Young stellar populations in early-type galaxies in the Sloan Digital Sky Survey

We use a purely data-driven rectified factor analysis to identify early-type galaxies with recent star formation in Data Release 4 of the Sloan Digital Sky Survey Spectroscopic Catalogue. We compare the spectra and environment of these galaxies with those of 'normal' early-type galaxies, and a sample of independently selected E+A galaxies. We calculate the projected local galaxy surface density from the nearest five and 10 neighbours (Sigma(5) and Sigma(10)) for each galaxy in our sample, and find that the dependence on projected local density, of the properties of E+A galaxies, is not significantly different from that of early-type galaxies with young stellar populations, dropping off rapidly towards denser environments, and flattening off at densities less than or similar to 0.1-0.3 Mpc(-2).
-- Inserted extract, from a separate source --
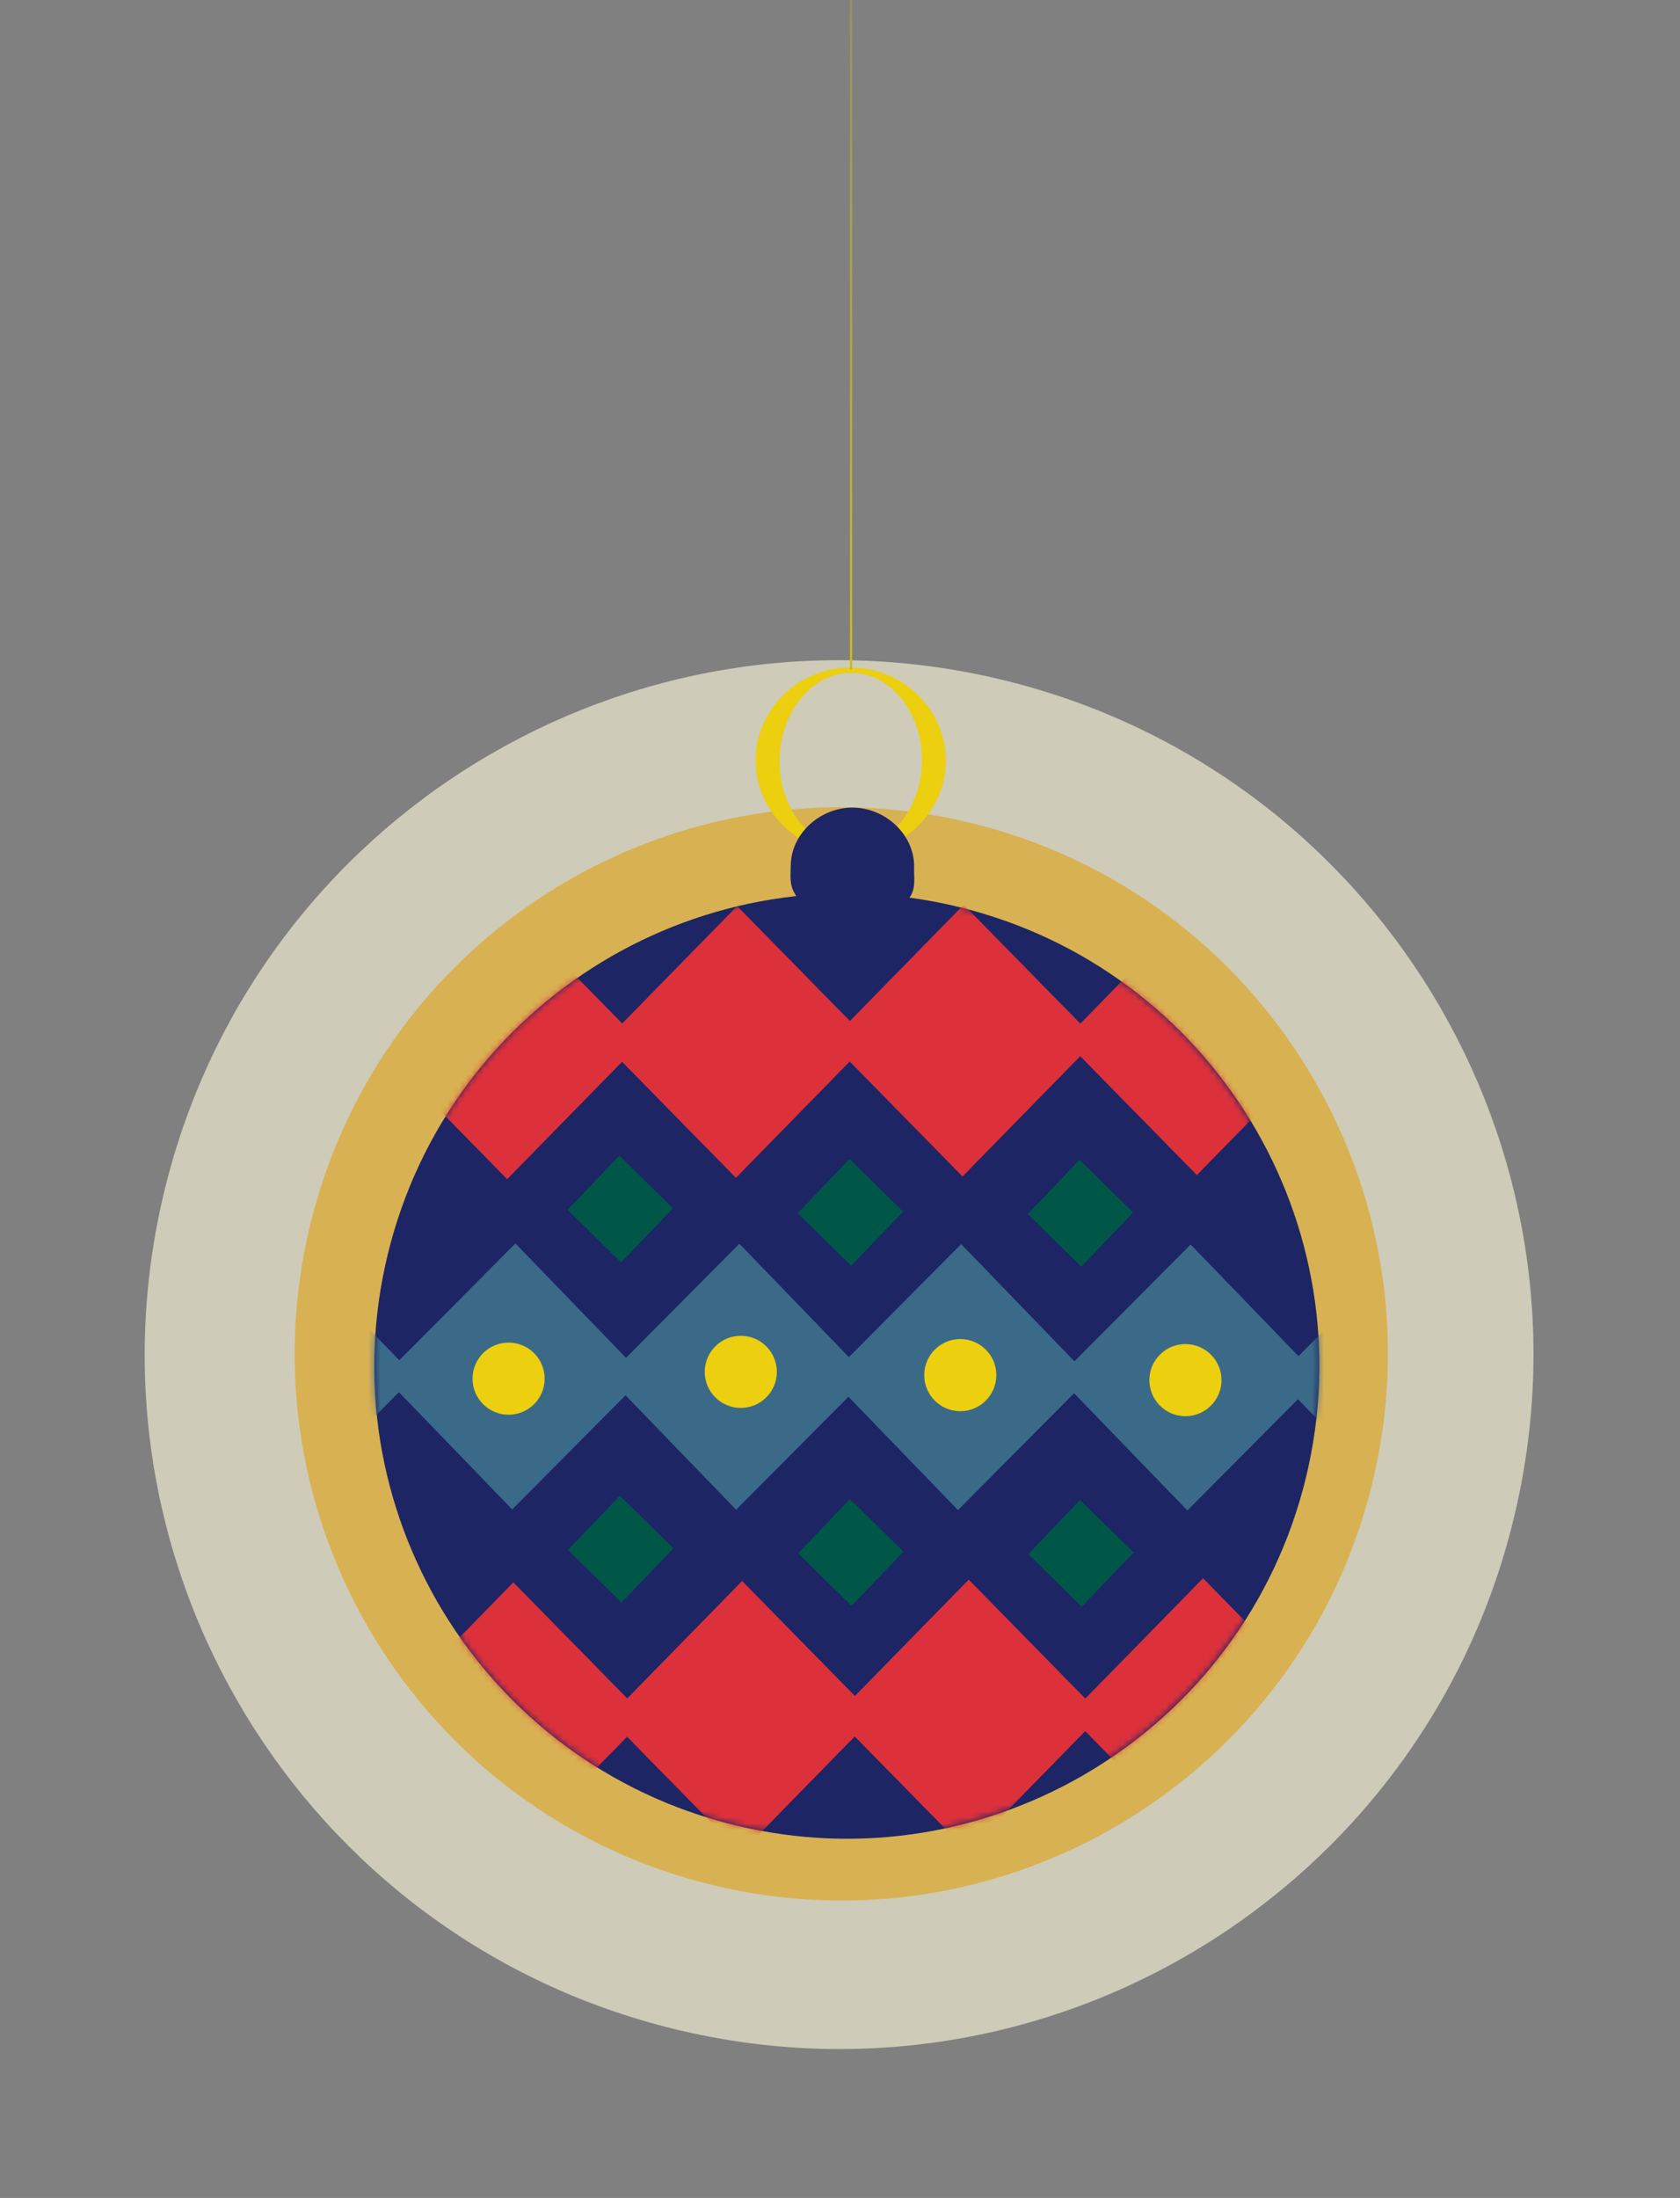 <?xml version="1.0" encoding="UTF-8"?> <svg xmlns="http://www.w3.org/2000/svg" width="276" height="361" viewBox="0 0 276 361" fill="none"><rect x="0" y="0" width="276" height="361" fill="#808080" stroke="none"/> <path d="M248.654 249.539C233.718 310.72 172.006 348.203 110.808 333.264C49.61 318.324 12.112 256.62 27.047 195.44C41.983 134.26 103.701 96.777 164.893 111.715C226.085 126.654 263.589 188.359 248.654 249.539Z" fill="#FCF8D9" fill-opacity="0.63"></path> <path d="M225.434 243.659C213.676 291.822 165.09 321.33 116.922 309.571C68.754 297.813 39.231 249.235 50.989 201.073C62.746 152.911 111.332 123.402 159.5 135.161C207.668 146.92 237.191 195.497 225.434 243.659Z" fill="#D8B152"></path> <path d="M120.713 299.774C162.357 309.94 204.357 284.422 214.524 242.778C224.69 201.134 199.172 159.134 157.528 148.968C115.884 138.801 73.884 164.319 63.717 205.963C53.551 247.607 79.069 289.608 120.713 299.774Z" fill="#1D2564"></path> <path d="M140.03 109.66C142.196 109.697 144.214 110.134 146.092 110.965C147.97 111.797 149.599 112.914 150.985 114.317C152.371 115.72 153.456 117.353 154.251 119.221C155.041 121.086 155.421 123.072 155.385 125.175C155.349 127.278 154.903 129.249 154.041 131.086C153.184 132.924 152.035 134.518 150.605 135.87C149.173 137.227 147.503 138.288 145.597 139.046C143.69 139.809 141.653 140.173 139.495 140.132C137.329 140.095 135.311 139.659 133.433 138.827C131.555 137.995 129.926 136.879 128.54 135.476C127.155 134.072 126.064 132.437 125.274 130.571C124.484 128.706 124.105 126.72 124.14 124.617C124.176 122.514 124.622 120.543 125.485 118.706C126.34 116.874 127.489 115.28 128.92 113.923C130.352 112.565 132.02 111.51 133.928 110.747C135.835 109.983 137.866 109.618 140.03 109.66ZM139.505 139.279C141.125 139.31 142.649 138.958 144.074 138.227C145.498 137.497 146.752 136.497 147.844 135.219C148.933 133.947 149.797 132.437 150.441 130.694C151.083 128.956 151.426 127.09 151.457 125.099C151.488 123.108 151.221 121.24 150.639 119.492C150.057 117.744 149.248 116.212 148.204 114.881C147.158 113.556 145.937 112.501 144.546 111.72C143.148 110.942 141.642 110.538 140.022 110.507C138.402 110.476 136.878 110.829 135.453 111.559C134.029 112.289 132.773 113.295 131.684 114.586C130.594 115.878 129.724 117.385 129.086 119.112C128.442 120.836 128.107 122.698 128.07 124.688C128.033 126.677 128.31 128.554 128.886 130.319C129.465 132.079 130.278 133.619 131.321 134.93C132.365 136.242 133.588 137.291 134.981 138.067C136.379 138.845 137.885 139.248 139.505 139.279Z" fill="#ECCF0F"></path> <path d="M150.172 142.47C150.139 144.234 150.45 145.751 149.594 147.155C147.874 149.993 143.429 151.991 139.869 151.927C136.077 151.857 131.843 149.529 130.329 146.316C129.715 145.017 129.883 143.636 129.91 142.109C130.002 136.783 134.889 132.555 140.215 132.647C145.541 132.74 150.272 137.14 150.18 142.467L150.172 142.47Z" fill="#1D2564"></path> <mask id="mask0_199_5945" style="mask-type:luminance" maskUnits="userSpaceOnUse" x="61" y="146" width="156" height="156"> <path d="M120.684 299.626C162.278 309.78 204.229 284.292 214.383 242.698C224.537 201.104 199.05 159.154 157.456 149C115.861 138.845 73.911 164.333 63.757 205.927C53.603 247.521 79.09 289.471 120.684 299.626Z" fill="white"></path> </mask> <g mask="url(#mask0_199_5945)"> <path fill-rule="evenodd" clip-rule="evenodd" d="M168.935 255.258L177.702 263.9L186.248 254.992L177.436 246.358L168.935 255.258Z" fill="#005748"></path> <path d="M223.737 212.255L213.321 222.738L195.596 204.4L176.52 223.593L157.909 204.338L139.464 222.899L121.465 204.278L102.846 223.019L84.675 204.225L65.598 223.418L50.524 207.821C49.162 214.925 48.616 222.327 49.002 229.922C49.235 234.562 49.83 239.111 50.747 243.54L65.538 228.657L84.148 247.913L102.768 229.172L120.939 247.966L139.385 229.405L157.383 248.025L176.459 228.832L195.069 248.088L213.238 229.806L222.889 239.786C223.811 234.763 224.328 229.591 224.387 224.314C224.435 220.224 224.211 216.197 223.738 212.249L223.737 212.255Z" fill="#3B6A88"></path> <path d="M82.924 232.328C86.177 232.676 89.096 230.322 89.445 227.069C89.794 223.817 87.439 220.897 84.187 220.548C80.934 220.199 78.014 222.554 77.665 225.807C77.317 229.059 79.671 231.979 82.924 232.328Z" fill="#ECCF0F"></path> <path d="M121.07 231.209C124.323 231.557 127.243 229.203 127.591 225.95C127.94 222.698 125.586 219.778 122.333 219.429C119.08 219.08 116.161 221.435 115.812 224.687C115.463 227.94 117.817 230.86 121.07 231.209Z" fill="#ECCF0F"></path> <path d="M157.129 231.746C160.382 232.095 163.301 229.741 163.65 226.488C163.999 223.235 161.645 220.315 158.392 219.967C155.139 219.618 152.219 221.972 151.871 225.225C151.522 228.478 153.876 231.398 157.129 231.746Z" fill="#ECCF0F"></path> <path d="M194.119 232.57C197.372 232.918 200.292 230.564 200.64 227.311C200.989 224.058 198.635 221.139 195.382 220.79C192.129 220.441 189.209 222.796 188.861 226.048C188.512 229.301 190.866 232.221 194.119 232.57Z" fill="#ECCF0F"></path> <path fill-rule="evenodd" clip-rule="evenodd" d="M131.132 255.115L139.9 263.751L148.439 254.849L139.627 246.214L131.132 255.115Z" fill="#005748"></path> <path fill-rule="evenodd" clip-rule="evenodd" d="M93.331 254.564L102.099 263.206L110.644 254.304L101.833 245.664L93.331 254.564Z" fill="#005748"></path> <path fill-rule="evenodd" clip-rule="evenodd" d="M168.855 199.399L177.622 208.041L186.168 199.133L177.356 190.499L168.855 199.399Z" fill="#005748"></path> <path fill-rule="evenodd" clip-rule="evenodd" d="M131.056 199.256L139.824 207.892L148.369 198.99L139.557 190.356L131.056 199.256Z" fill="#005748"></path> <path fill-rule="evenodd" clip-rule="evenodd" d="M93.259 198.706L102.026 207.348L110.565 198.445L101.754 189.805L93.259 198.706Z" fill="#005748"></path> <path d="M225.623 156.175L215.066 166.96L196.821 148.366L177.483 168.12L158.324 148.594L139.626 167.696L121.099 148.818L102.222 168.098L83.516 149.04L64.179 168.794L48.658 152.981C47.321 160.251 46.825 167.813 47.277 175.563C47.55 180.304 48.193 184.944 49.168 189.462L64.16 174.148L83.319 193.673L102.196 174.393L120.902 193.451L139.599 174.349L158.127 193.227L177.464 173.474L196.623 192.999L215.041 174.187L224.976 184.308C225.873 179.168 226.363 173.88 226.39 168.491C226.412 164.309 226.151 160.201 225.636 156.172L225.623 156.175Z" fill="#DC313B"></path> <path d="M226.445 267.03L215.888 277.815L197.643 259.222L178.305 278.975L159.146 259.449L140.449 278.551L121.921 259.673L103.044 278.953L84.339 259.896L65.001 279.649L49.481 263.836C48.144 271.106 47.648 278.668 48.099 286.419C48.372 291.159 49.016 295.799 49.991 300.317L64.983 285.003L84.141 304.528L103.018 285.249L121.724 304.306L140.422 285.204L158.949 304.082L178.287 284.329L197.445 303.854L215.863 285.042L225.799 295.163C226.696 290.024 227.185 284.735 227.212 279.346C227.234 275.165 226.973 271.056 226.458 267.027L226.445 267.03Z" fill="#DC313B"></path> </g> <line x1="139.819" y1="110" x2="139.819" y2="8.01508e-09" stroke="url(#paint0_linear_199_5945)" stroke-width="0.367"></line> <defs> <linearGradient id="paint0_linear_199_5945" x1="140.002" y1="107.5" x2="140.002" y2="-47.5" gradientUnits="userSpaceOnUse"> <stop stop-color="#CEB722"></stop> <stop offset="1" stop-color="#CEB722" stop-opacity="0"></stop> </linearGradient> </defs> </svg>

The dearth of E+A galaxies in dense environments confirms that E+A galaxies are most likely the products of galaxy-galaxy merging or interactions, rather than star-forming galaxies whose star formation has been quenched by processes unique to dense environments, such as ram-pressure stripping or galaxy harassment. We see a tentative peak in the number of E+A galaxies at Sigma(10) similar to 0.1-0.3 Mpc(-2), which may represent the local galaxy density at which the rate of galaxy-galaxy merging or interaction rate peaks. Analysis of the spectra of our early-type galaxies with young stellar populations suggests that they have a stellar component dominated by F stars, similar to 1-4 Gyr old, together with a mature, metal-rich population characteristic of 'typical' early-type galaxies. The young stars represent greater than or similar to 10 per cent of the stellar mass in these galaxies. This, together with the similarity of the environments in which this 'E+F' population and the E+A galaxy sample are found, suggests that E+F galaxies used to be E+A galaxies, but have evolved by a further similar to one to a few Gyr. Our rectified factor analysis is sensitive enough to identify this hidden population, which allows us to study the global and intrinsic properties of early-type galaxies created in major mergers or interactions, and compare them with those early-types which have had the bulk of their stars in place since a much earlier epoch.